### What you are asked to do
When copying the entries below, leave out every picture and keep the rest exact.

(Beginning of Exercise data)

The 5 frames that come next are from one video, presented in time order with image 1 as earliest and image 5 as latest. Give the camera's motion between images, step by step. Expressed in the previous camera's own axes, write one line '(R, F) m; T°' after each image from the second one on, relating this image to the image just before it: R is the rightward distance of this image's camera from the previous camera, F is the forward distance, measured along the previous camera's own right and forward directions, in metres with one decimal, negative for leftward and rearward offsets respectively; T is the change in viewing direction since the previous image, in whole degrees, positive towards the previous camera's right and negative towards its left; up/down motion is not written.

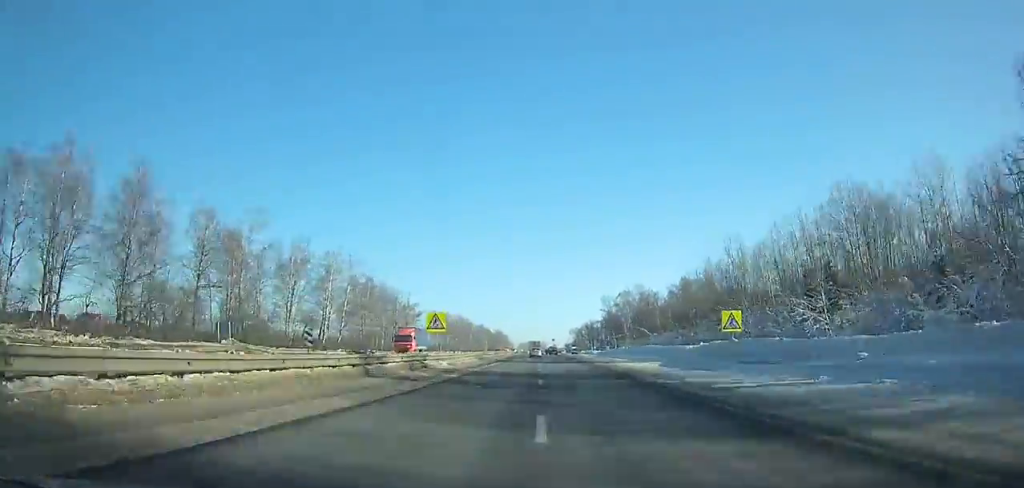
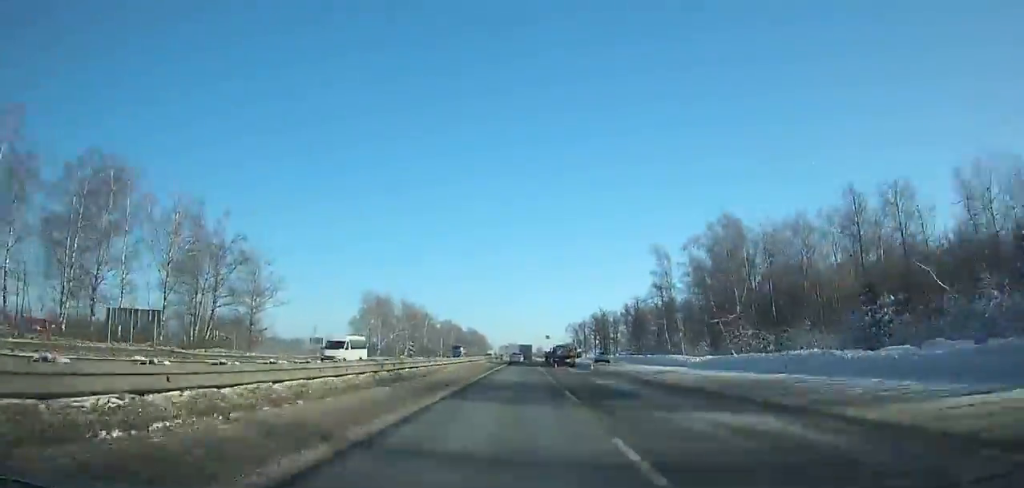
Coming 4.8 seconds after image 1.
(+1.2, +98.0) m; +1°
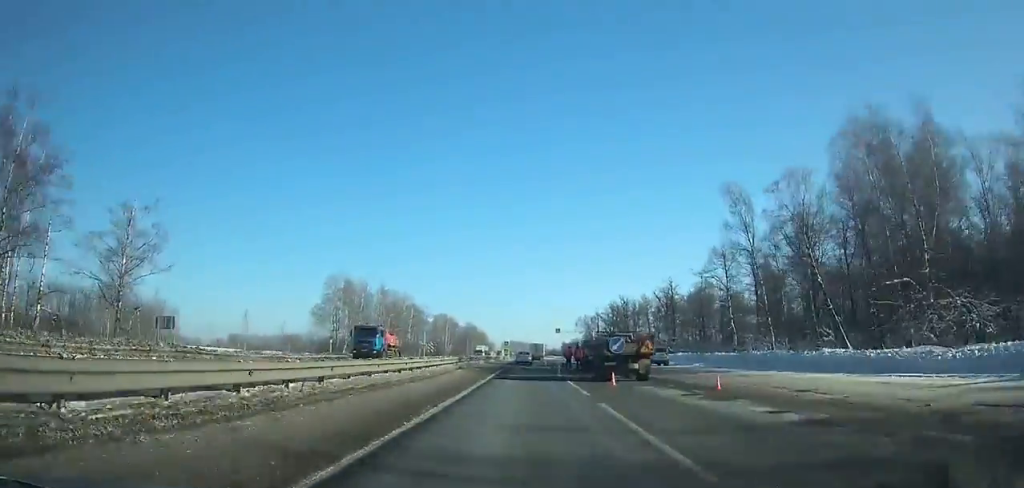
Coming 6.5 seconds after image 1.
(0.0, +34.1) m; 0°
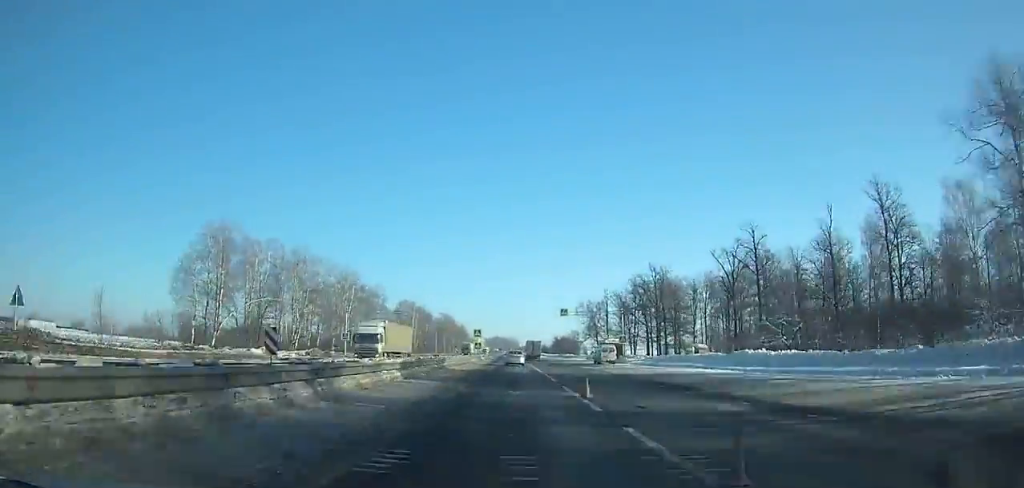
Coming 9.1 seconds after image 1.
(+0.2, +51.9) m; 0°
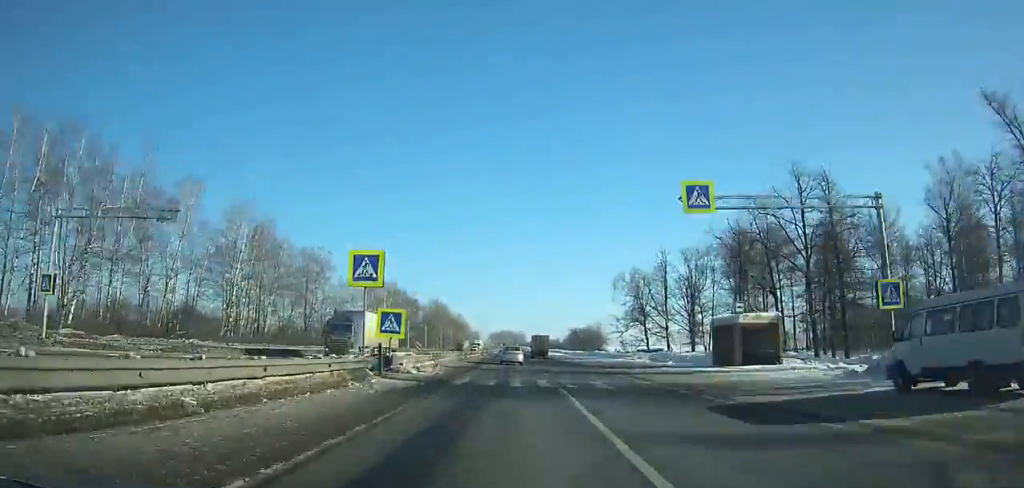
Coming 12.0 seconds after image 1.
(0.0, +58.1) m; 0°
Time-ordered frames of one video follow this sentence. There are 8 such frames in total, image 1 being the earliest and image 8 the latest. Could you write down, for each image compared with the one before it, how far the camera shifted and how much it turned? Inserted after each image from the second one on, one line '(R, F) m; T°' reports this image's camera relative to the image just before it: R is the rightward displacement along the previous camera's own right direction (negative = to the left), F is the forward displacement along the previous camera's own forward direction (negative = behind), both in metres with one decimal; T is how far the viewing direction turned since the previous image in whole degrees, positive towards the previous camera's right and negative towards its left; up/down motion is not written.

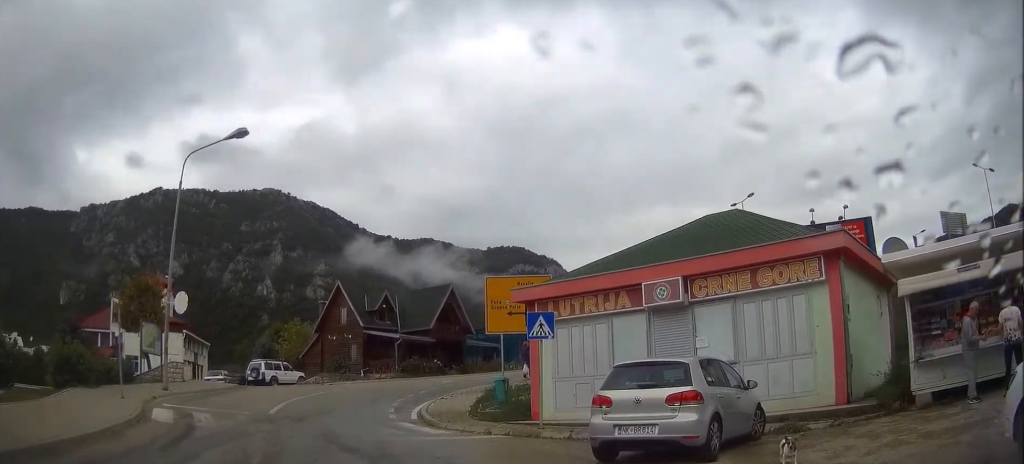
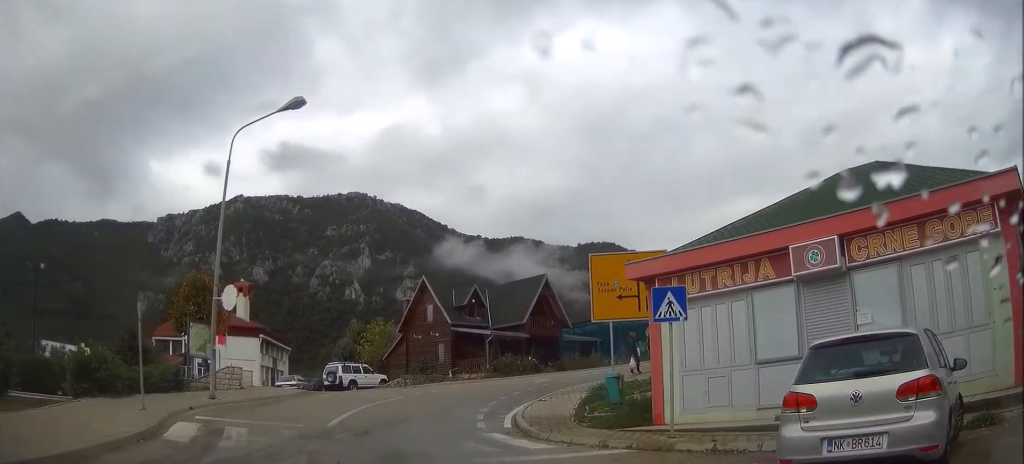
(-0.3, +3.4) m; -8°
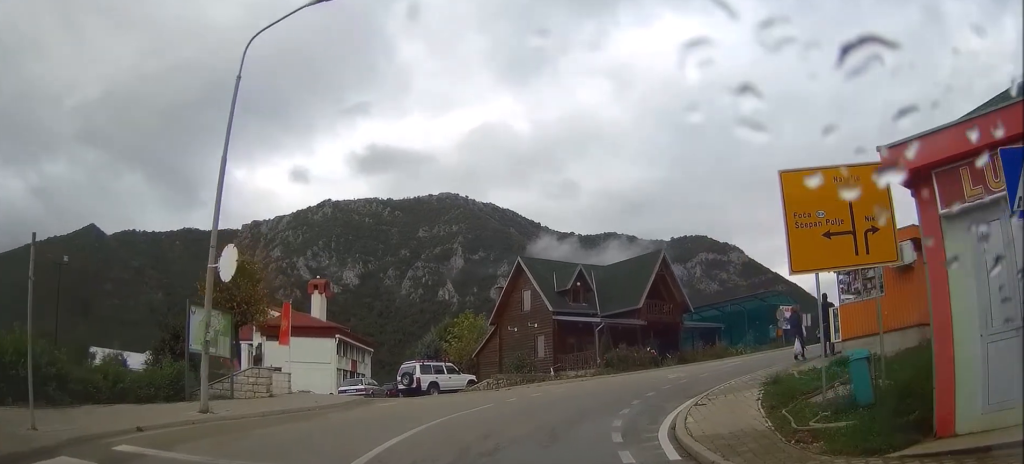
(-1.0, +7.0) m; -11°
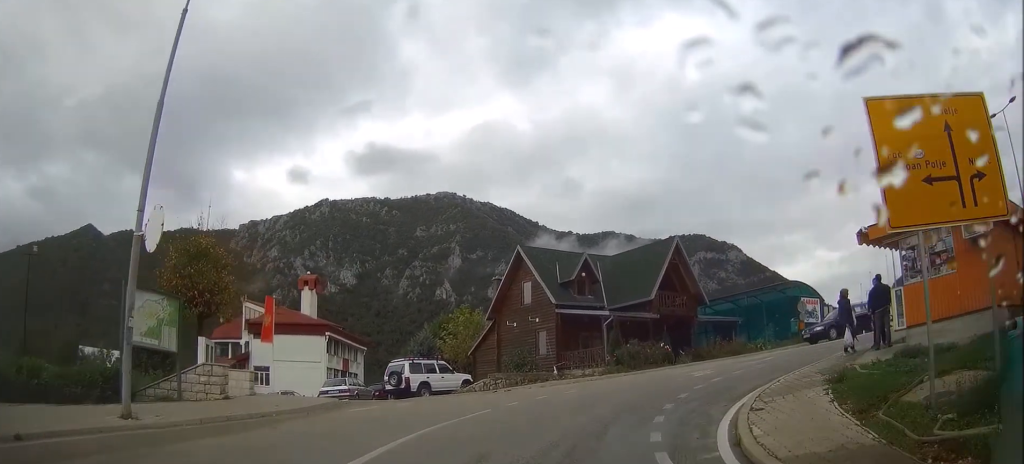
(-0.1, +3.2) m; -1°
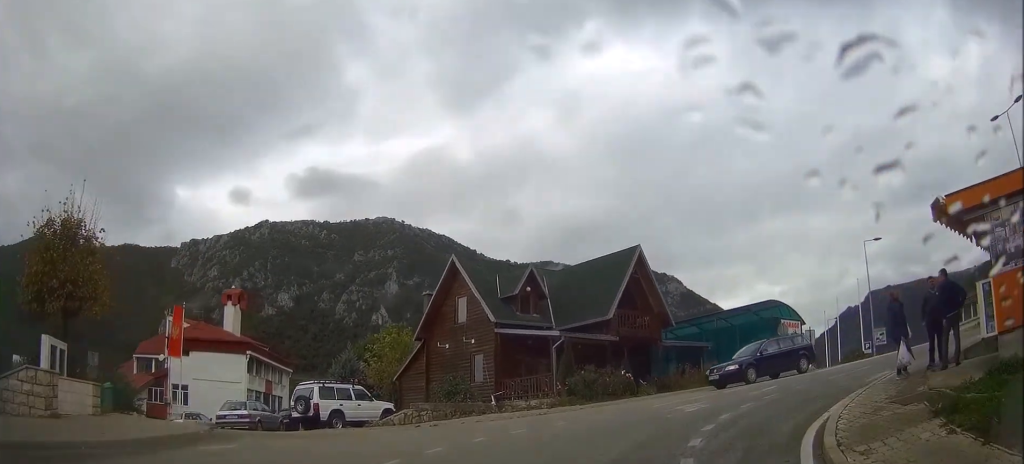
(+0.1, +4.7) m; +6°
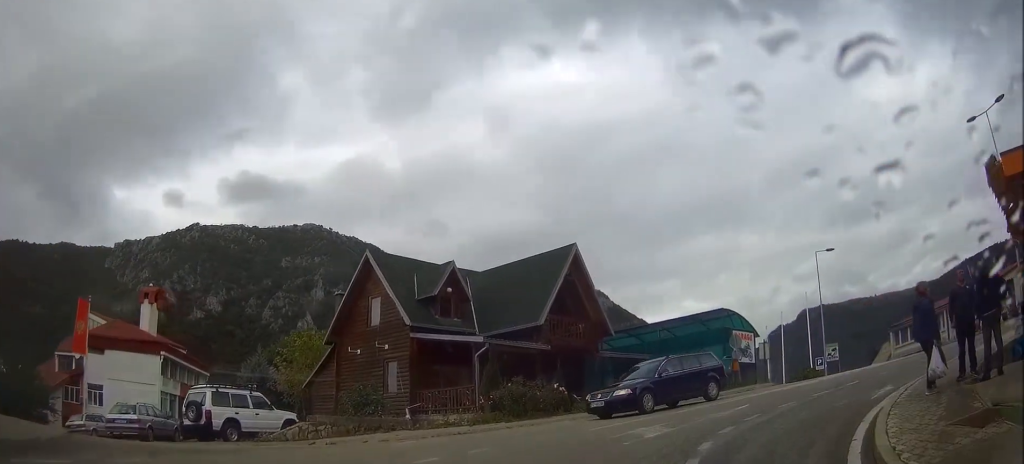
(+0.1, +2.9) m; +7°
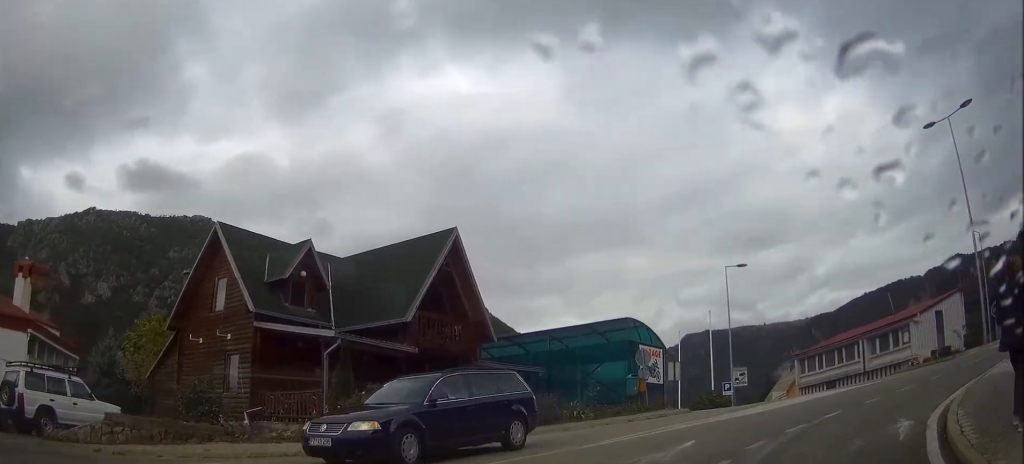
(+0.3, +3.8) m; +12°
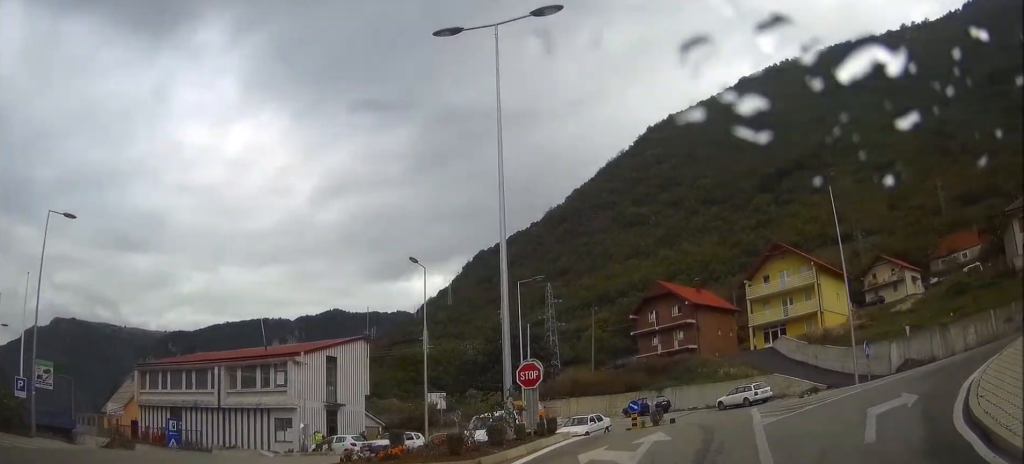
(+5.8, +11.1) m; +51°

(End of Exercise data)

### Response
The 5 frames that come next are from one video, presented in time order with image 1 as earliest and image 5 as latest. Give the camera's motion between images, step by step. Expressed in the previous camera's own axes, write one line '(R, F) m; T°' after each image from the second one on, relating this image to the image just before it: R is the rightward distance of this image's camera from the previous camera, F is the forward distance, measured along the previous camera's own right and forward directions, in metres with one decimal, negative for leftward and rearward offsets respectively; T is the change in viewing direction since the previous image, in whole degrees, positive towards the previous camera's right and negative towards its left; up/down motion is not written.

Coming 4.8 seconds after image 1.
(+1.2, +98.0) m; +1°
Coming 6.5 seconds after image 1.
(0.0, +34.1) m; 0°
Coming 9.1 seconds after image 1.
(+0.2, +51.9) m; 0°
Coming 12.0 seconds after image 1.
(0.0, +58.1) m; 0°
Time-ordered frames of one video follow this sentence. There are 8 such frames in total, image 1 being the earliest and image 8 the latest. Could you write down, for each image compared with the one before it, how far the camera shifted and how much it turned? Inserted after each image from the second one on, one line '(R, F) m; T°' reports this image's camera relative to the image just before it: R is the rightward displacement along the previous camera's own right direction (negative = to the left), F is the forward displacement along the previous camera's own forward direction (negative = behind), both in metres with one decimal; T is how far the viewing direction turned since the previous image in whole degrees, positive towards the previous camera's right and negative towards its left; up/down motion is not written.

(-0.3, +3.4) m; -8°
(-1.0, +7.0) m; -11°
(-0.1, +3.2) m; -1°
(+0.1, +4.7) m; +6°
(+0.1, +2.9) m; +7°
(+0.3, +3.8) m; +12°
(+5.8, +11.1) m; +51°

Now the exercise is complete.